The input:
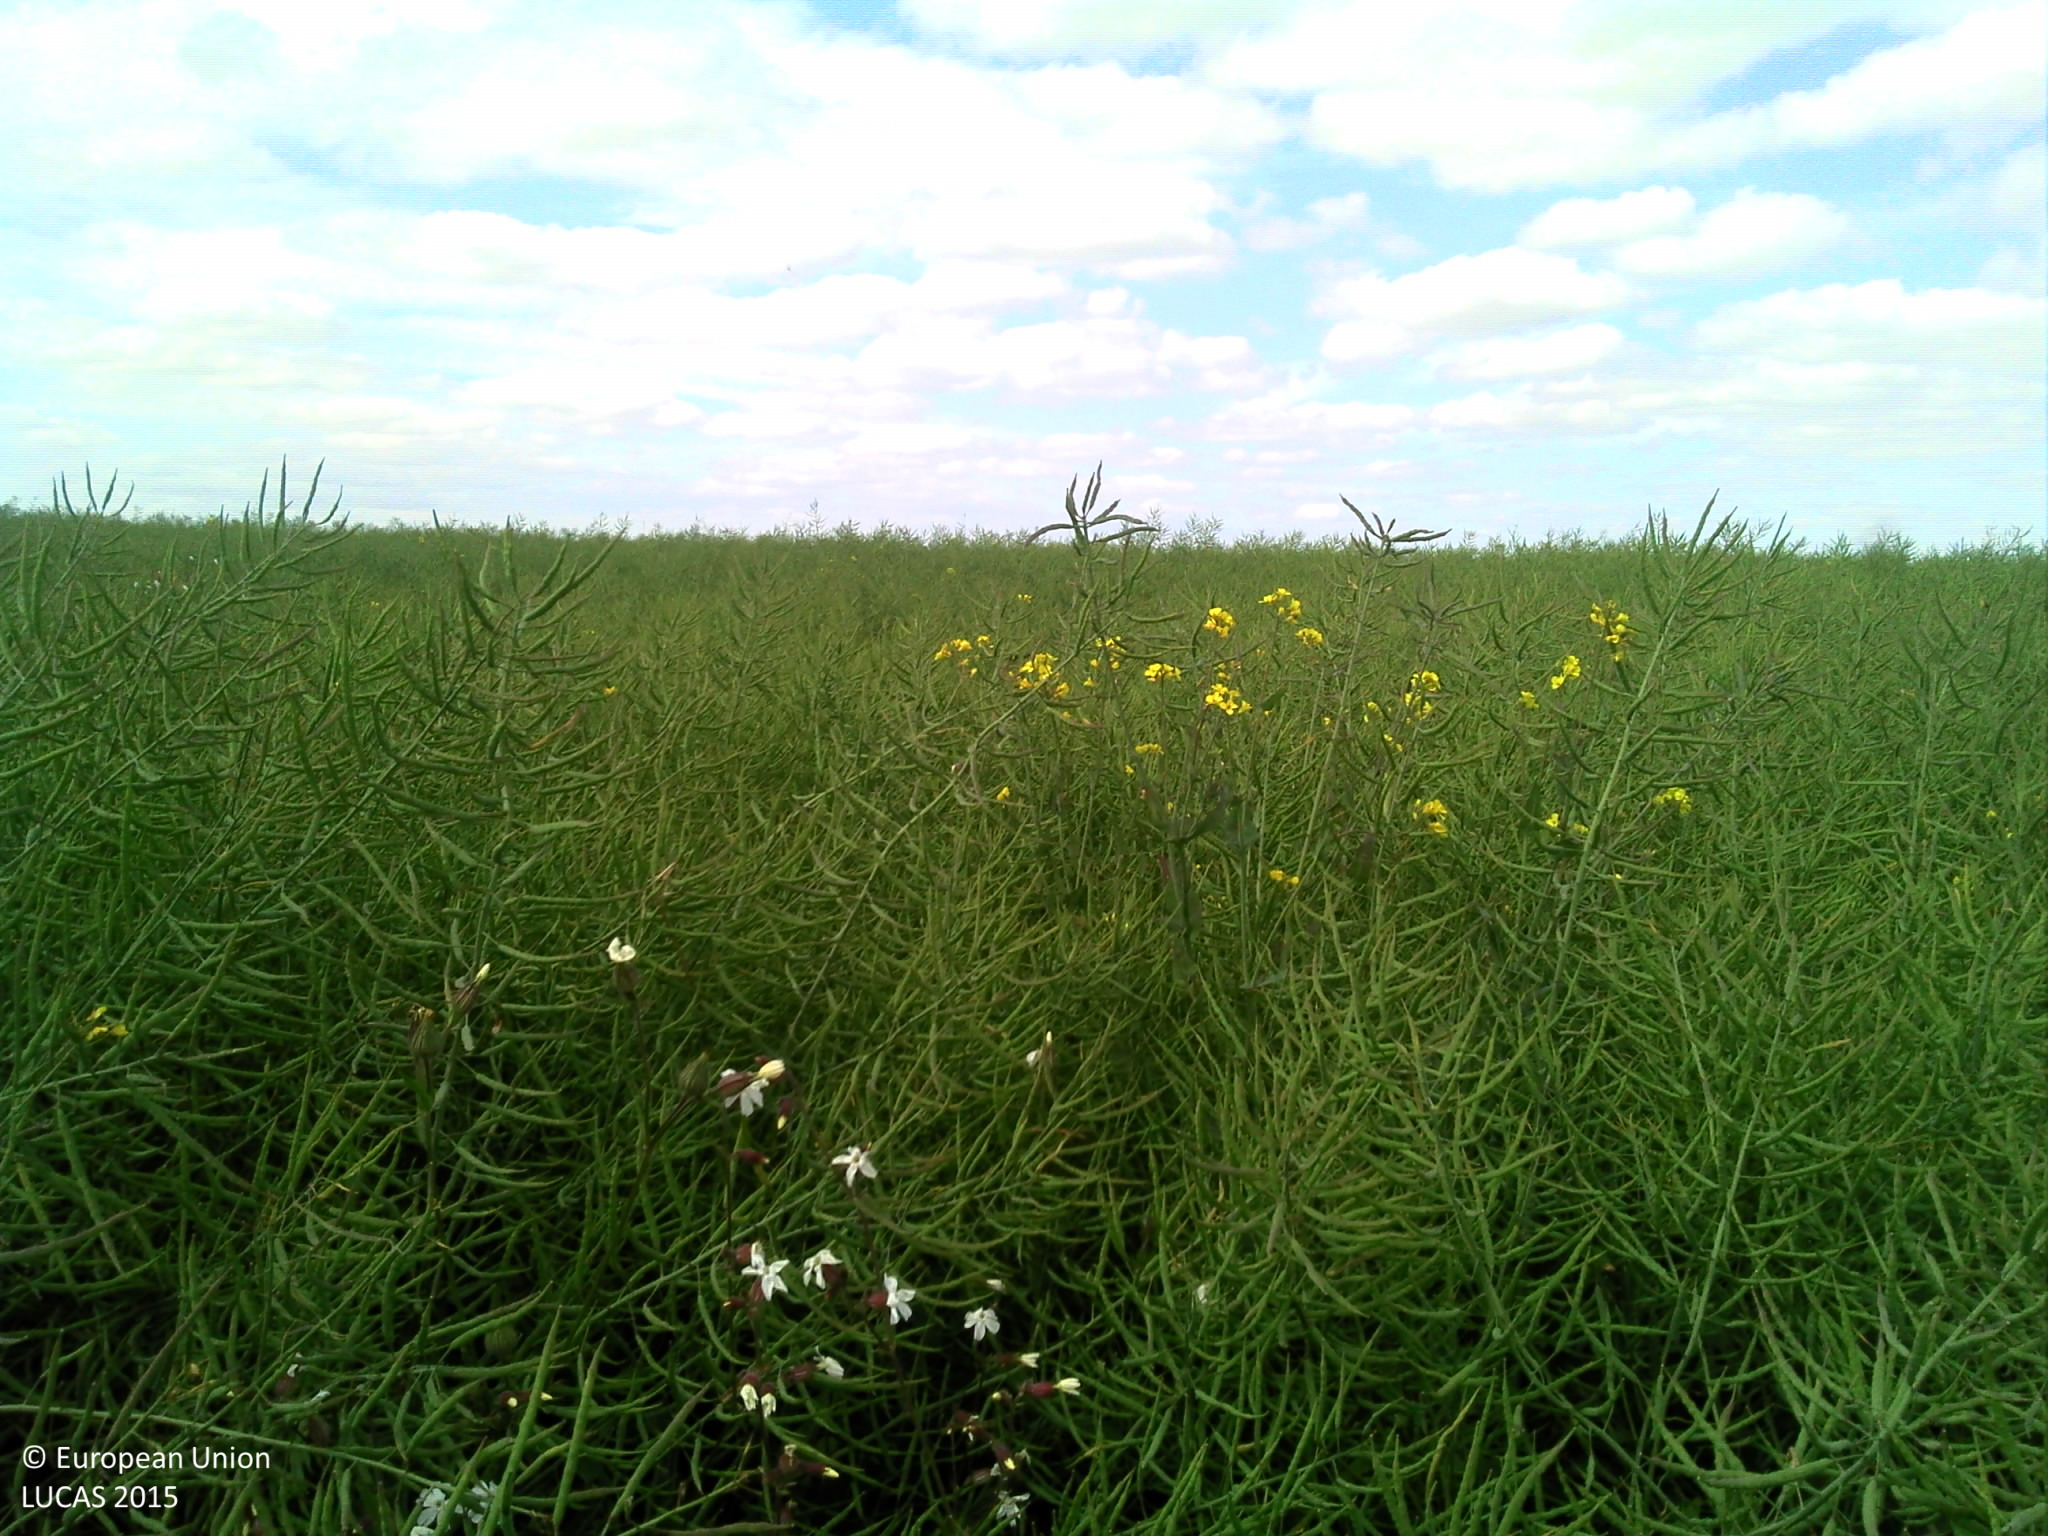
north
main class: Cropland
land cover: Rape and turnip rape
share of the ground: > 75 %
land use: Agriculture (excluding fallow land and kitchen gardens)
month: June
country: FR
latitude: 48.4308
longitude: 1.8903

Task requirements: Write the material out again exactly. Do not include the pictures.

Solution for this task:
north
main class: Cropland
land cover: Rape and turnip rape
share of the ground: > 75 %
land use: Agriculture (excluding fallow land and kitchen gardens)
month: June
country: FR
latitude: 48.4308
longitude: 1.8903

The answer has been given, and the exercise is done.